When a desktop agent is the right tool — and when it is not
The decision framework is simple.
- Use a desktop AI agent when the PDF is sensitive (invoices, statements, benefits, HR exports), when the conversion has any AI-judgment step (column recovery, total detection, ambiguous types), and when you want the output dropped straight onto your filesystem without round-trips.
- Use Power Query "Get Data → From PDF" when you already live in Excel, the PDF is clean text with explicit table lines, and you want the query to refresh on every new monthly file. The connector is mature and free with Excel.
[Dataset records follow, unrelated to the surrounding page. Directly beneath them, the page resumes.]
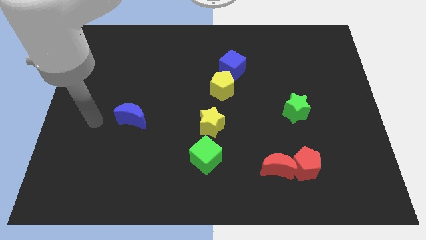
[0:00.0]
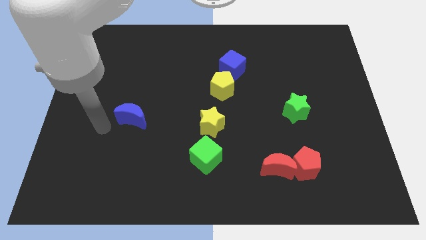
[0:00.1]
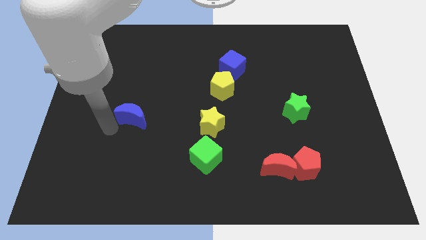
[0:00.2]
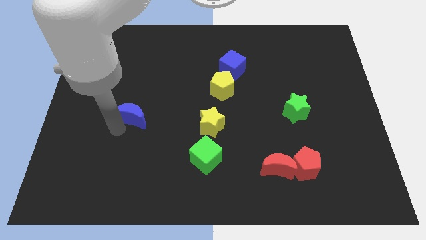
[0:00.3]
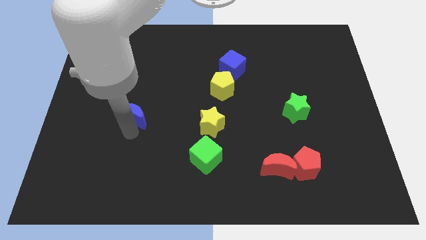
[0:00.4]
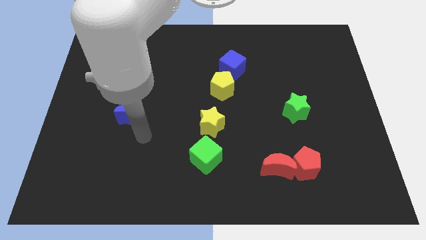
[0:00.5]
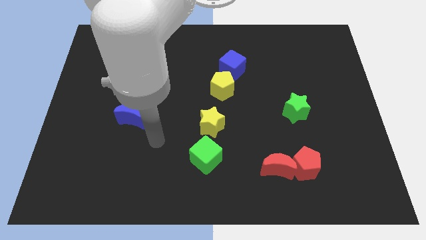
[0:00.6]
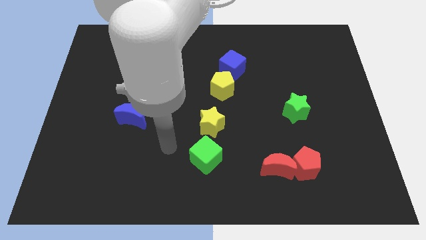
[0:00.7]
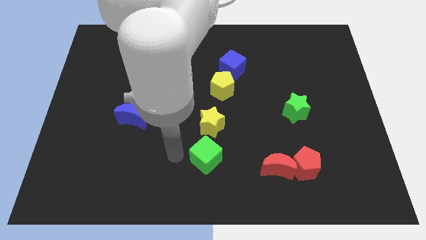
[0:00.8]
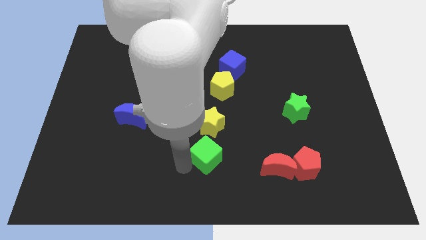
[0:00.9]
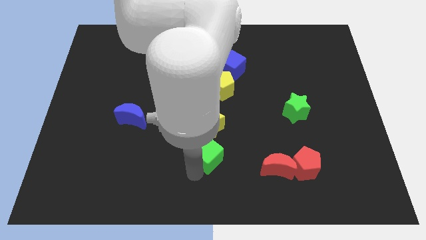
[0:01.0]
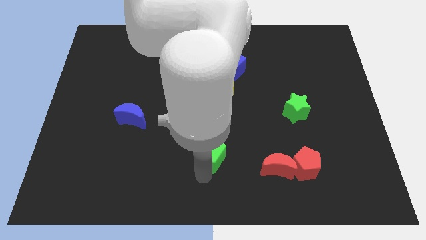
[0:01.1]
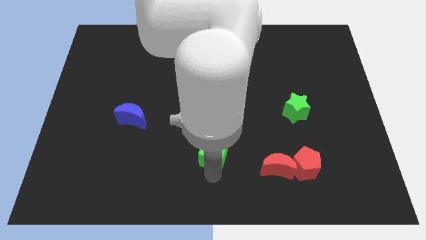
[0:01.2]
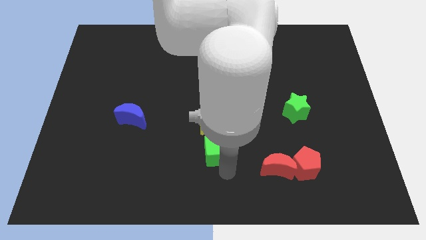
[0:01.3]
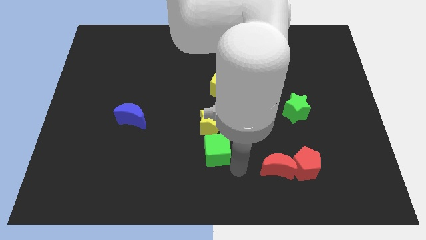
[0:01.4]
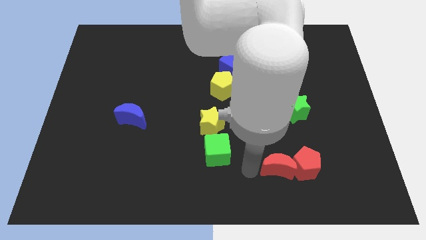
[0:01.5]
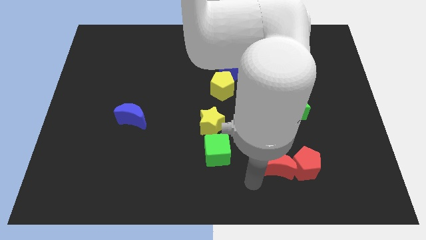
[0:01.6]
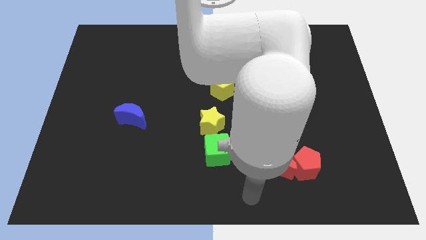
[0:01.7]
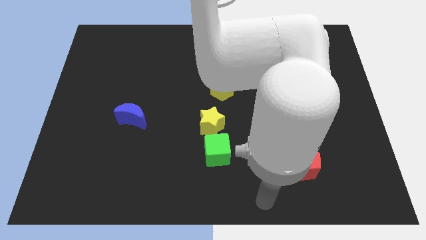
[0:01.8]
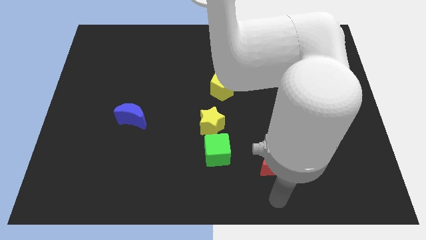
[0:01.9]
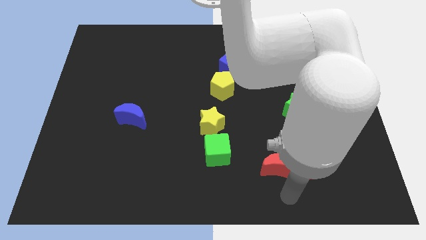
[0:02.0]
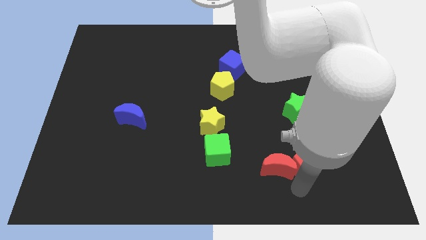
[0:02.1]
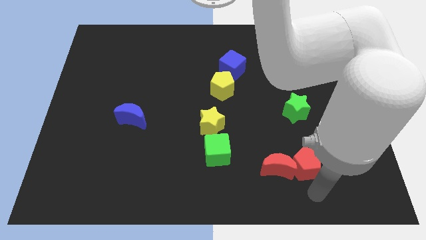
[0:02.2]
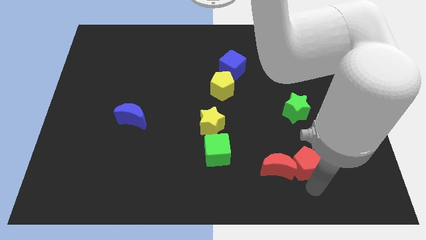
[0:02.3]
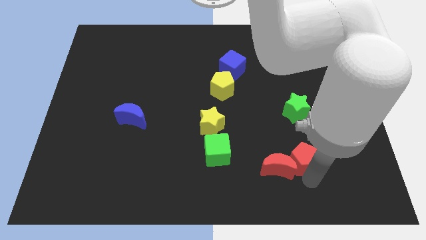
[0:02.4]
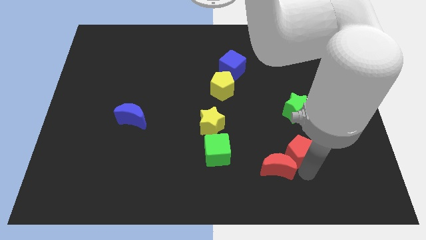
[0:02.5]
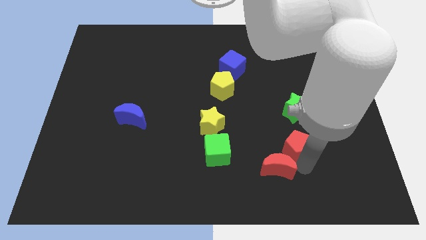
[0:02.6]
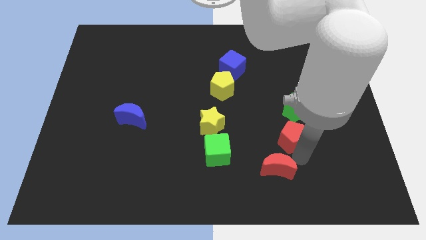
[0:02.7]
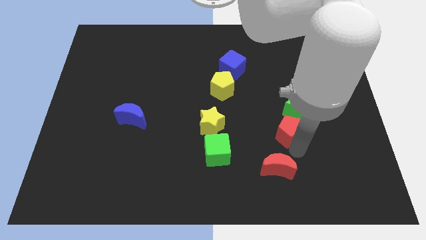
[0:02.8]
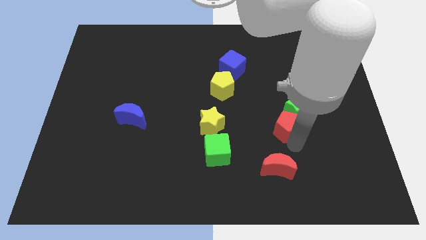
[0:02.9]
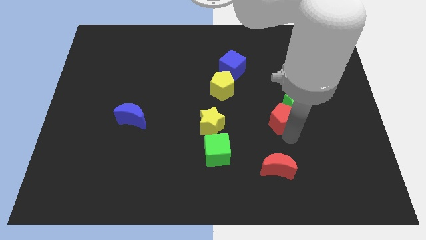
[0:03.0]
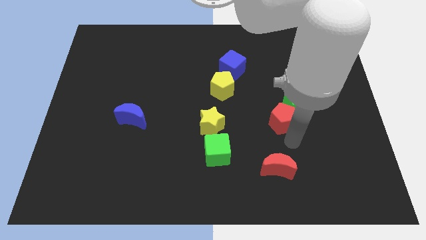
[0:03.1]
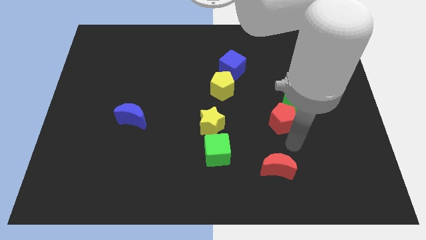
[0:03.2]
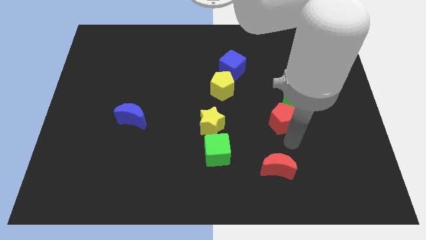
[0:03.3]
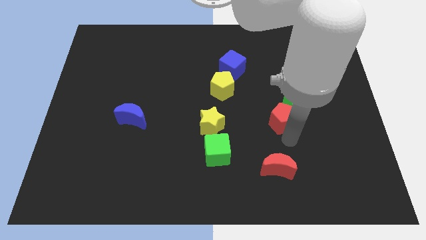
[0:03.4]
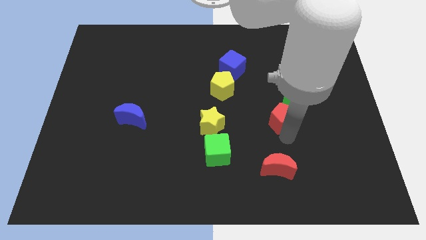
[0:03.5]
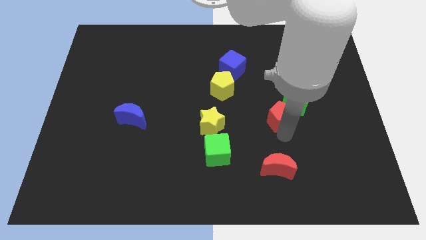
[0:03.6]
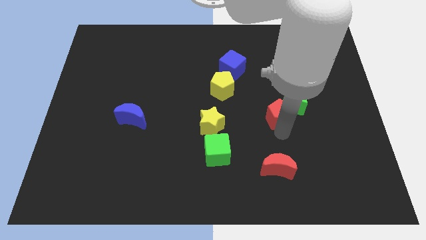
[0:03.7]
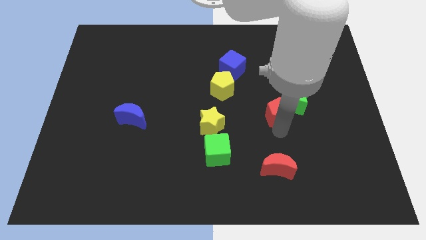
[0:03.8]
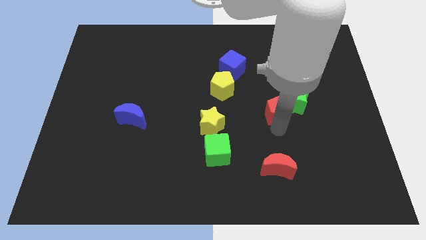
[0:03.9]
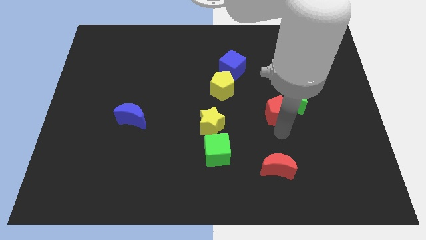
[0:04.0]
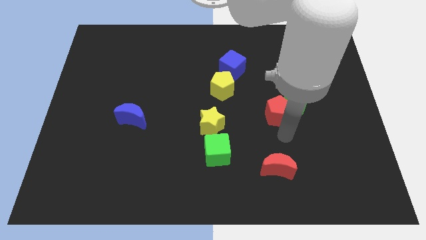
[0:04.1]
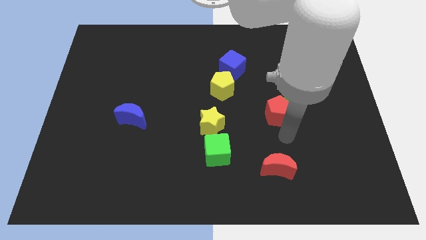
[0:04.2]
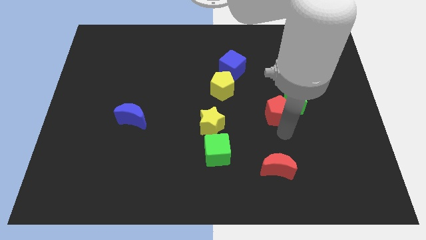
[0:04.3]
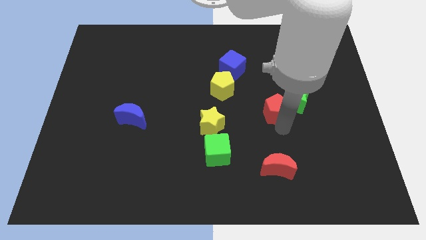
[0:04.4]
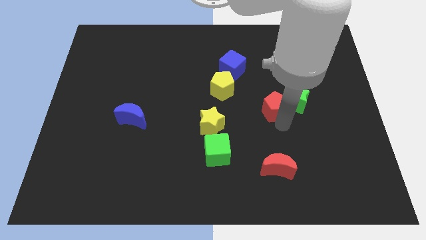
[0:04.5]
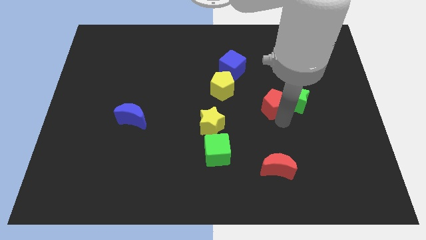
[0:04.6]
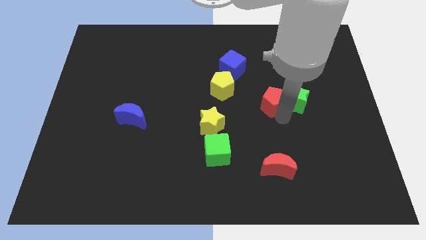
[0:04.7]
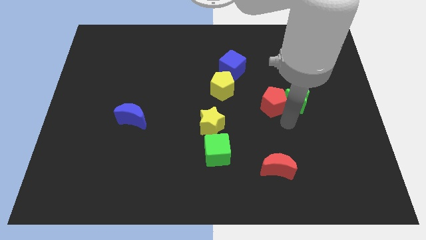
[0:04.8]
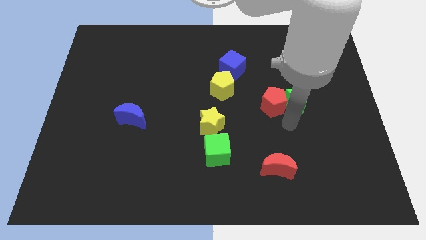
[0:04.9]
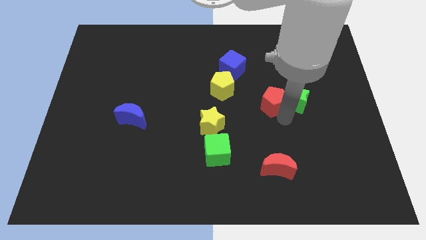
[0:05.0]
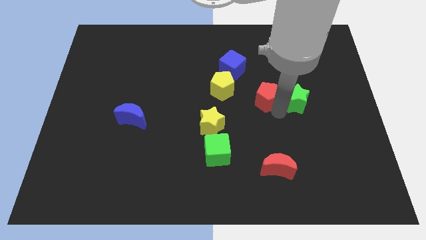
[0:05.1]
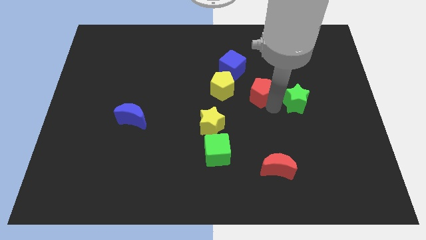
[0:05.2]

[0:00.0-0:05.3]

- Use Tabula or Camelot directly when you want to script the conversion as part of a Python pipeline, the PDFs are reliably text-native, and you do not need AI judgment for column recovery. Both are free and run locally.
- Use a hosted converter for one-off public documents where the file is already public and you value zero-install convenience over data residency.
PDF-to-Excel is one of the tasks that turned into a "you need a SaaS for that" decision somewhere in the 2010s. It does not have to be. With the right desktop tooling, the conversion is a local job you supervise rather than a file you ship to a vendor and hope comes back clean.
FAQ
Can Lapu AI convert a PDF to Excel without uploading the file?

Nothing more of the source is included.